Gibson Guitar Raided For Possible Lacey Act Violations . . . Again

Gibson Guitars are some of the best known instruments in the business. However, the company could soon make some interesting law as well after it was raided by federal agents investigating possible violations of the Lacey Act, the law barring the illegal trade in wildlife, fish, and plants. The company is being investigated for the allegedly unlawful importation of sawn ebony logs from India. This is the second time in two years that the company has been accused of Lacey Act violations.

In November 2009, federal agents seized guitars and fingerboard blanks that were allegedly made from illegally harvested Madagascan rosewood and ebony. Last week the agents seized several pallets of wood, electronic files and guitars. From a Reuters report the latest raid is related to a shipment of sawn ebony logs from India that was imported by Gibson illegally, violating the Lacey Act.

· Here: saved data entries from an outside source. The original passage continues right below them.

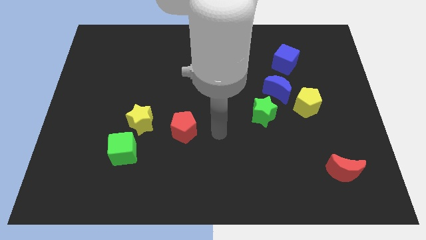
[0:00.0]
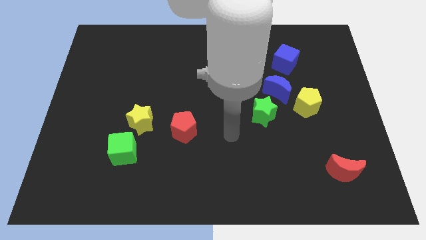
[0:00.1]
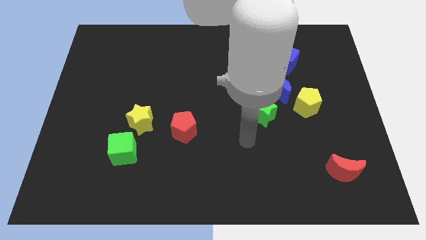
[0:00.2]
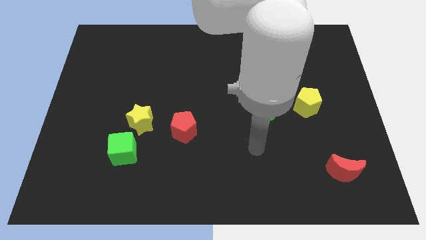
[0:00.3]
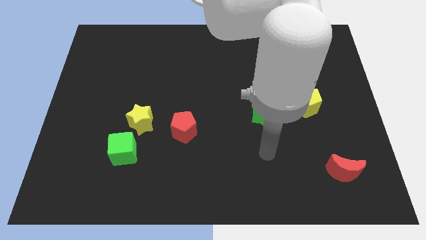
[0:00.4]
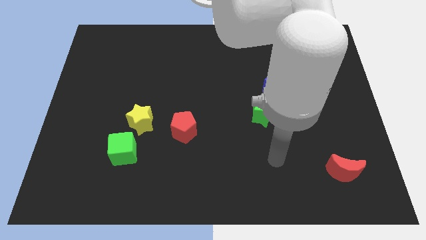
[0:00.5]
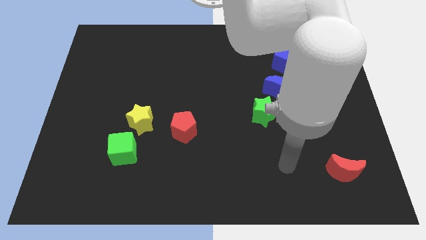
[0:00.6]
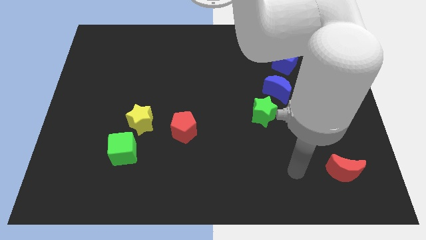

Gibson CEO Henry Juszkiewicz insists that the raid is simply because the wood was finished in the United States and is based on Indian law being enforced in the U.S. The company released a press statement saying “The Federal Department of Justice in Washington, D.C. has suggested that the use of wood from India that is not finished by Indian workers is illegal, not because of U.S. law, but because it is the Justice Department’s interpretation of a law in India.”

The Lacey Act does enforce the laws of other countries to prevent companies from using the United States for trafficking in illegal goods. Ironically, the Act was originally passed to stop the destructive sale of our own domestic resources (particularly bird feathers) but has become a law protecting the natural areas of other nations from the same threat. The Lacey Act (16 U.S.C. §§ 3371–3378) was the brainchild of Iowa Rep. John F. Lacey, who wanted to block the trade in wildlife, fish, and plants that have been illegally taken, transported or sold. It was signed into law by President William McKinley on May 25, 1900.

Thus, it is not in anyway odd for the U.S. to enforce the law of another country. Moreover, the affidavit below claims a series of false or misleading statements in the documentation related to this shipment. The agent details what is alleged to be “fraudulently” labeled wood that is an attempt to evade an Indian ban on exports of unfinished wood.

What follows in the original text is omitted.